→ **Description of the task**
Begin your copy at the line with "Q: Stroke contrast? A: Medium." in the records below and end it at the line with "Q: x-height? A: Medium.", restating each line word for word; omit the pictures.

→ **Collection entries**
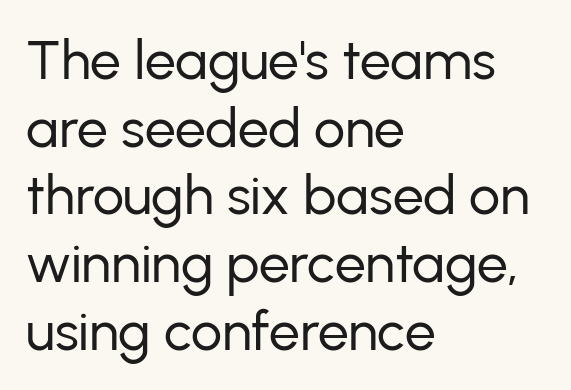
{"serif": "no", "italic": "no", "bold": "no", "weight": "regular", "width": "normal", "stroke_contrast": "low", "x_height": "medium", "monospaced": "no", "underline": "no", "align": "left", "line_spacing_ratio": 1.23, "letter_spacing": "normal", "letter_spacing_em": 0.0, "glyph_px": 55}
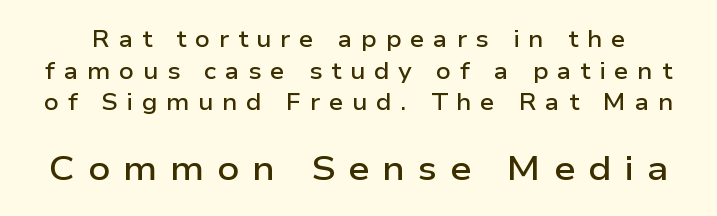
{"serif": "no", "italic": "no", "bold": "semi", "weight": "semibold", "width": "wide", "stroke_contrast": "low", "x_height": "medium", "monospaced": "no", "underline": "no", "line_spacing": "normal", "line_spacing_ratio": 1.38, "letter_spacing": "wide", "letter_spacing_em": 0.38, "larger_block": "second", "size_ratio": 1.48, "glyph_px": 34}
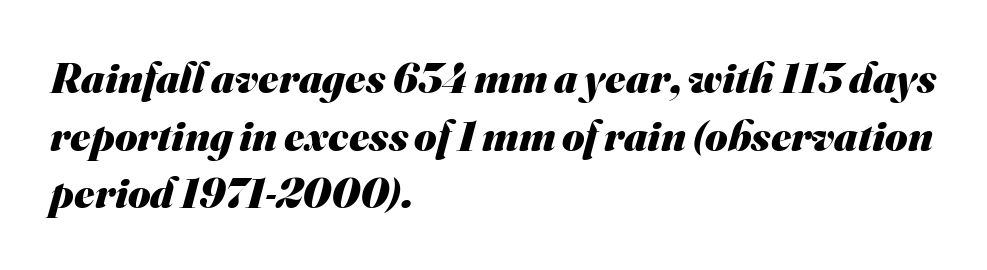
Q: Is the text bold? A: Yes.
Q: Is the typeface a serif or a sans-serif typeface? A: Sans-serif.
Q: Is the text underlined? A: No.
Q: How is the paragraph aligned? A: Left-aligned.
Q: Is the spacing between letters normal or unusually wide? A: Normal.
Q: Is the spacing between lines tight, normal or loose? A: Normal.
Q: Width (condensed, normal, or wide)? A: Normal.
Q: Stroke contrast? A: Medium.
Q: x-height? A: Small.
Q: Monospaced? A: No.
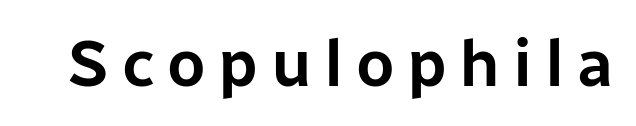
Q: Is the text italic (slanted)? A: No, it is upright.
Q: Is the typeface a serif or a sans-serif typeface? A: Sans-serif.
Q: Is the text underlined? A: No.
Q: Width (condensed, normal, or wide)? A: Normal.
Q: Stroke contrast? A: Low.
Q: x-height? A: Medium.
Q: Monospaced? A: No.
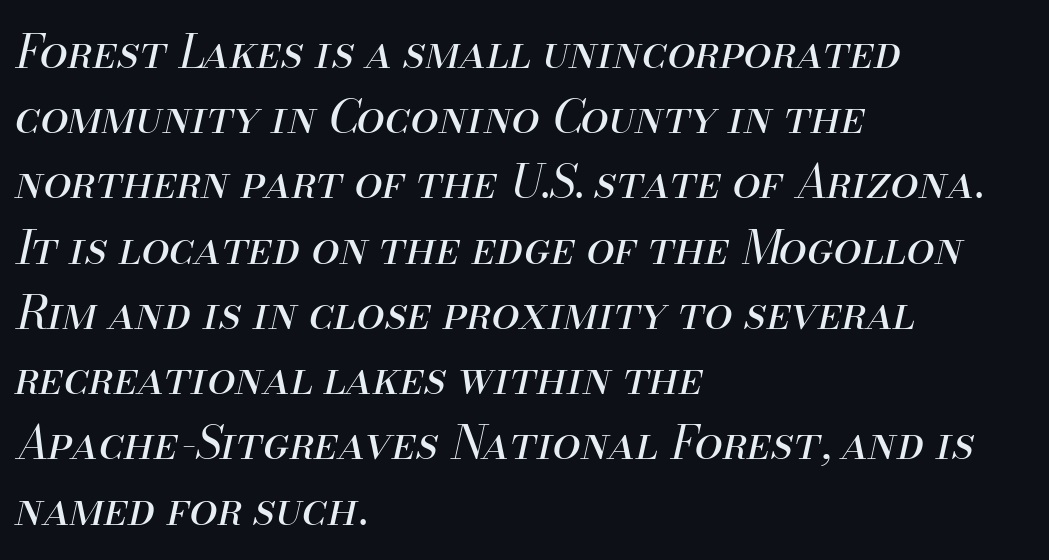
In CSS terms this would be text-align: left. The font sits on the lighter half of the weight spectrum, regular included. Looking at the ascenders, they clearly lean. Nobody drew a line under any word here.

→ **Solution to this exercise**
Q: Stroke contrast? A: Medium.
Q: x-height? A: Small.
Q: Monospaced? A: No.
Q: Is the text italic (slanted)? A: No, it is upright.
Q: Is the typeface a serif or a sans-serif typeface? A: Sans-serif.
Q: Is the text underlined? A: No.
Q: Width (condensed, normal, or wide)? A: Normal.
Q: Stroke contrast? A: Low.
Q: x-height? A: Medium.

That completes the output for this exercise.